International /

UN Calls For Multinational Force To Stop Haitian Gangs

Report: 'Indiscriminate, large-scale attacks against entire neighborhoods and their residents have displaced almost 130,000 people'

The United Nations (UN) wants to assemble a multinational security force to assist the Haitian National Police in combatting a recent escalation of violence.

UN officials say that Haiti is facing a multidimensional crisis with gang violence at the center. Currently, according to the UN, armed gangs either control or exercise influence over about 80 percent of the capital city Port-au-Prince.

According to a recent UN report, “violence is also spreading to departments beyond the capital. Over the past few months, a significant increase in serious crimes, such as homicide, kidnapping and rape, has been reported. Indiscriminate, large-scale attacks against entire neighborhoods and their residents have displaced almost 130,000 people.”

The spread of gang violence has sparked protests against the government, as well as a surge in vigilante groups.

Haitian gangs benefit from chronic instability and weak state institutions, which has allowed them to overpower police. The U.S. is the primary source of sophisticated weapons and munitions being trafficked into Haiti, arriving most often by sea from Miami. In some instances, weapons have been smuggled in through the Dominican Republic.

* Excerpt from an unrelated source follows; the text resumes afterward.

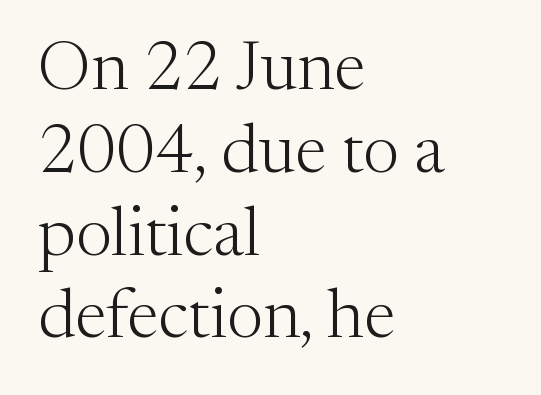
{"serif": "yes", "italic": "no", "bold": "no", "weight": "light", "width": "normal", "stroke_contrast": "medium", "x_height": "medium", "monospaced": "no", "underline": "no", "align": "left", "line_spacing_ratio": 1.2, "letter_spacing": "normal", "letter_spacing_em": 0.0, "glyph_px": 69}

Gangs have shown increasing brutality as they mutilate and burn bodies on public streets, then share photos of the carnage on social media.

The UN High Commissioner’s Report on Haiti says that prior to the current crisis, most Haitians lived on less than $3 per day. Nearly 90 percent of Haitians live below the poverty line, with a third living in extreme poverty. According to the UN, poverty, inequality, lack of protection, and corruption are among the factors driving the surge in violence.

That violence has “also prompted numerous health workers to leave the country, further increasing the lack of health services to the population,” the report states.

“Hospitals face shortages of equipment and personnel due to the violence; the costs of importing essential drugs, surgical tools and oxygen tanks have skyrocketed,” the report adds.

Last week, the U.S. State Department announced it would be sending $65 million to help strengthen the Haitian police. The U.S. has already sent more than $120 million since July of 2021.

“We all know that the situation in Haiti is dire: more than 2,000 killings in the first six months of this year; more than 1,000 kidnappings in the same period; over five million Haitians who urgently need humanitarian assistance; tens of thousands of Haitians facing catastrophic hunger; nearly 60,000 suspected cholera cases.  Nearly half of those cases are children,” Secretary of State Antony Blinken said in a statement.

“When we recite these statistics, I think we have to remember what they mean, what the reality on the ground looks like, for the Haitian people, because it’s easy to get lost in numbers and abstractions,” he added. “These are real lives, and the effects are profound.”

The State Department says it is prepared to support a multinational security mission and is calling on the UN Security Council to pass a resolution authorizing the mission.